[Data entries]
───

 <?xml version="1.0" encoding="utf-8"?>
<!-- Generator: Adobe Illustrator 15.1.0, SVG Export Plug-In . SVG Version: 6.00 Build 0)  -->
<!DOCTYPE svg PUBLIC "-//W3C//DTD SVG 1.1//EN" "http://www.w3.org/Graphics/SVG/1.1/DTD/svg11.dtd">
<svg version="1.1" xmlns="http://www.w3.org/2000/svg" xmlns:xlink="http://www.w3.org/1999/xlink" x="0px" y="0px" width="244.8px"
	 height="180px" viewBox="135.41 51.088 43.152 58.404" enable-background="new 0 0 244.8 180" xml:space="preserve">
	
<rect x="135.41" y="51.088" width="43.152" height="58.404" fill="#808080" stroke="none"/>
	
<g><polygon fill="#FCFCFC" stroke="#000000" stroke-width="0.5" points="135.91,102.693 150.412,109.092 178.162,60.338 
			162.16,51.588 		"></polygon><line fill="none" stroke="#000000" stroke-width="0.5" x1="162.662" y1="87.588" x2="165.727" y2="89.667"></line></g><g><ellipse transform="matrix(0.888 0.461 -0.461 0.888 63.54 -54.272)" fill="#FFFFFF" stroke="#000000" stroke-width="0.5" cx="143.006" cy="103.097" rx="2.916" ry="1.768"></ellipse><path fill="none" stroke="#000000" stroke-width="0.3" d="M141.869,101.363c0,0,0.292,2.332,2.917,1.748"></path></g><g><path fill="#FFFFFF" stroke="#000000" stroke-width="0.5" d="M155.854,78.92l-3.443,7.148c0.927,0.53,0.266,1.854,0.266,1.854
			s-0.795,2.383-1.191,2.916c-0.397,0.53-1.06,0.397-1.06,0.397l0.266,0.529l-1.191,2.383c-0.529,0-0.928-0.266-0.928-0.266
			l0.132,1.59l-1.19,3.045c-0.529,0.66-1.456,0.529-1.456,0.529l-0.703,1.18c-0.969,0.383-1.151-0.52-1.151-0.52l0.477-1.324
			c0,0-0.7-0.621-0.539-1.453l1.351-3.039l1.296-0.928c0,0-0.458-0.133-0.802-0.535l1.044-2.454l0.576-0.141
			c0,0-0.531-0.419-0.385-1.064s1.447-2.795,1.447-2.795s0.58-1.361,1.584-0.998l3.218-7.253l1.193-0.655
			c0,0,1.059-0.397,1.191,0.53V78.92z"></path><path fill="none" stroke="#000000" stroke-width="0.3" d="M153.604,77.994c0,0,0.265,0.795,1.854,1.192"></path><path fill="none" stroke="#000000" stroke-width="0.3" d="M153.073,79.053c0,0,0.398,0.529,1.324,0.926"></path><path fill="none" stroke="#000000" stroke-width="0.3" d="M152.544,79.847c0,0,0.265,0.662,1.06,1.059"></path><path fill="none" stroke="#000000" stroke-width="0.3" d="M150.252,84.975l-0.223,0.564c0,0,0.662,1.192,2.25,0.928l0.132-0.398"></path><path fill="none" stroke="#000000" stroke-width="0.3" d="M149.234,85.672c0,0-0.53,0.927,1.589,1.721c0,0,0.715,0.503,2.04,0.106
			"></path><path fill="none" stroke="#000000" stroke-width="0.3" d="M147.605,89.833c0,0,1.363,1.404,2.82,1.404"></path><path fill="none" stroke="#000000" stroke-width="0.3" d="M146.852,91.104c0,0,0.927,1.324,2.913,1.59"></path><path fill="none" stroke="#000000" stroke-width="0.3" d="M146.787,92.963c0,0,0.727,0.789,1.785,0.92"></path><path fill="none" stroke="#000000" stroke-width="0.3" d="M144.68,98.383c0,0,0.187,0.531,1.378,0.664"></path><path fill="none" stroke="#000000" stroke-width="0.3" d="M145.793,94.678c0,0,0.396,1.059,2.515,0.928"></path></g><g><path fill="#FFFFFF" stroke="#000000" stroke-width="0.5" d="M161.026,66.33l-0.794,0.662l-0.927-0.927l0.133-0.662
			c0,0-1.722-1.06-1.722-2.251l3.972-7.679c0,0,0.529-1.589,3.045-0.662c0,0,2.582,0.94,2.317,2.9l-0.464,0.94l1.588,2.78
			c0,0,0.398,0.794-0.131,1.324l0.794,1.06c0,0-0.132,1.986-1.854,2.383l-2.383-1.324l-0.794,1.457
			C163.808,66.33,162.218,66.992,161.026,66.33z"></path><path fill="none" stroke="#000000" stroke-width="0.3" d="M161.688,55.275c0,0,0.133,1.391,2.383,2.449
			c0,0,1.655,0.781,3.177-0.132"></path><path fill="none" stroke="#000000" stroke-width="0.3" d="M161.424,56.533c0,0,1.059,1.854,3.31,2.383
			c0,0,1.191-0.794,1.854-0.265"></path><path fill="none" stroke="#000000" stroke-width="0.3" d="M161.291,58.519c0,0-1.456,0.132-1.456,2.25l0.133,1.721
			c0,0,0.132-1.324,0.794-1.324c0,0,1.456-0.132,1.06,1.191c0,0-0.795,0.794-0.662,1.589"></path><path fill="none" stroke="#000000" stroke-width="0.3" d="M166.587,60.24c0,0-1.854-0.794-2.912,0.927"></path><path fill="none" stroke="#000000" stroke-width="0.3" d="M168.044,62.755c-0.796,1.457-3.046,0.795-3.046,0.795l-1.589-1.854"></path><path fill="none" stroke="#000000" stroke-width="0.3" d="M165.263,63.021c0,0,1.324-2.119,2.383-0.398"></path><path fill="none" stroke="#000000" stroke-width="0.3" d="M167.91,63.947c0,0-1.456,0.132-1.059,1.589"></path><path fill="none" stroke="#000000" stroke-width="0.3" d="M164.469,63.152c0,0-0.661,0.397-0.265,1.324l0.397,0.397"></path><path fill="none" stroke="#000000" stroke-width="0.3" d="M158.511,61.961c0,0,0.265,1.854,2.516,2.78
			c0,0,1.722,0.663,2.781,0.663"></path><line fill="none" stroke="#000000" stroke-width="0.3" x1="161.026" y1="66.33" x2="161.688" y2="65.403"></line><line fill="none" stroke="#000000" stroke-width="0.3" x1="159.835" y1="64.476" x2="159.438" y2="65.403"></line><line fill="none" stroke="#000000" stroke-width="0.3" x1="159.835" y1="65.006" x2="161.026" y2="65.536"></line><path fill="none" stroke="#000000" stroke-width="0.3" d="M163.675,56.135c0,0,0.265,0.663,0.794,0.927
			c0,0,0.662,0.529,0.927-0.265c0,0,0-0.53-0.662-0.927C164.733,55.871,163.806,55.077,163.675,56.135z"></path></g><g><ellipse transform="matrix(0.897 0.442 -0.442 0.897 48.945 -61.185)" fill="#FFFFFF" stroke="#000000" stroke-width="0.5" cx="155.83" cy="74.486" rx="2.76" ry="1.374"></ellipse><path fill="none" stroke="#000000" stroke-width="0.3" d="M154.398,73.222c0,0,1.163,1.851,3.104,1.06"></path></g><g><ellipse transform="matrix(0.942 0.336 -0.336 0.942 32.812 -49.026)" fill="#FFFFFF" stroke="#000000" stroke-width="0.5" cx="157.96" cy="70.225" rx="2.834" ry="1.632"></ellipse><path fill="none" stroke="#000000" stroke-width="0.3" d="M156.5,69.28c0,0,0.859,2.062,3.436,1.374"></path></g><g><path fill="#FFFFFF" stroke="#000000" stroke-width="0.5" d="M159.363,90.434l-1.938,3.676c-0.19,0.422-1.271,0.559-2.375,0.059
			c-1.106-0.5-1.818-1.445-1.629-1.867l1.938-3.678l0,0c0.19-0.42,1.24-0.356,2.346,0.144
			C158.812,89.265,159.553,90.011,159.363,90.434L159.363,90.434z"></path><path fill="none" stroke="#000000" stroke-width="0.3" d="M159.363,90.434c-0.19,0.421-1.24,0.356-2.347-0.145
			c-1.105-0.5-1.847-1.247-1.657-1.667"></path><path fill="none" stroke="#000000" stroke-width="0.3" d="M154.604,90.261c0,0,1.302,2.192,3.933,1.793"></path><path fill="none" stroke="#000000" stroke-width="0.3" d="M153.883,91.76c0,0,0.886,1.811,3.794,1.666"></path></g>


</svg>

───

#### [To do]
Would you copy out every line in the records that includes the string "polygon"?

#### [Exercise result]
<g><polygon fill="#FCFCFC" stroke="#000000" stroke-width="0.5" points="135.91,102.693 150.412,109.092 178.162,60.338 
			162.16,51.588 		"></polygon><line fill="none" stroke="#000000" stroke-width="0.5" x1="162.662" y1="87.588" x2="165.727" y2="89.667"></line></g><g><ellipse transform="matrix(0.888 0.461 -0.461 0.888 63.54 -54.272)" fill="#FFFFFF" stroke="#000000" stroke-width="0.5" cx="143.006" cy="103.097" rx="2.916" ry="1.768"></ellipse><path fill="none" stroke="#000000" stroke-width="0.3" d="M141.869,101.363c0,0,0.292,2.332,2.917,1.748"></path></g><g><path fill="#FFFFFF" stroke="#000000" stroke-width="0.5" d="M155.854,78.92l-3.443,7.148c0.927,0.53,0.266,1.854,0.266,1.854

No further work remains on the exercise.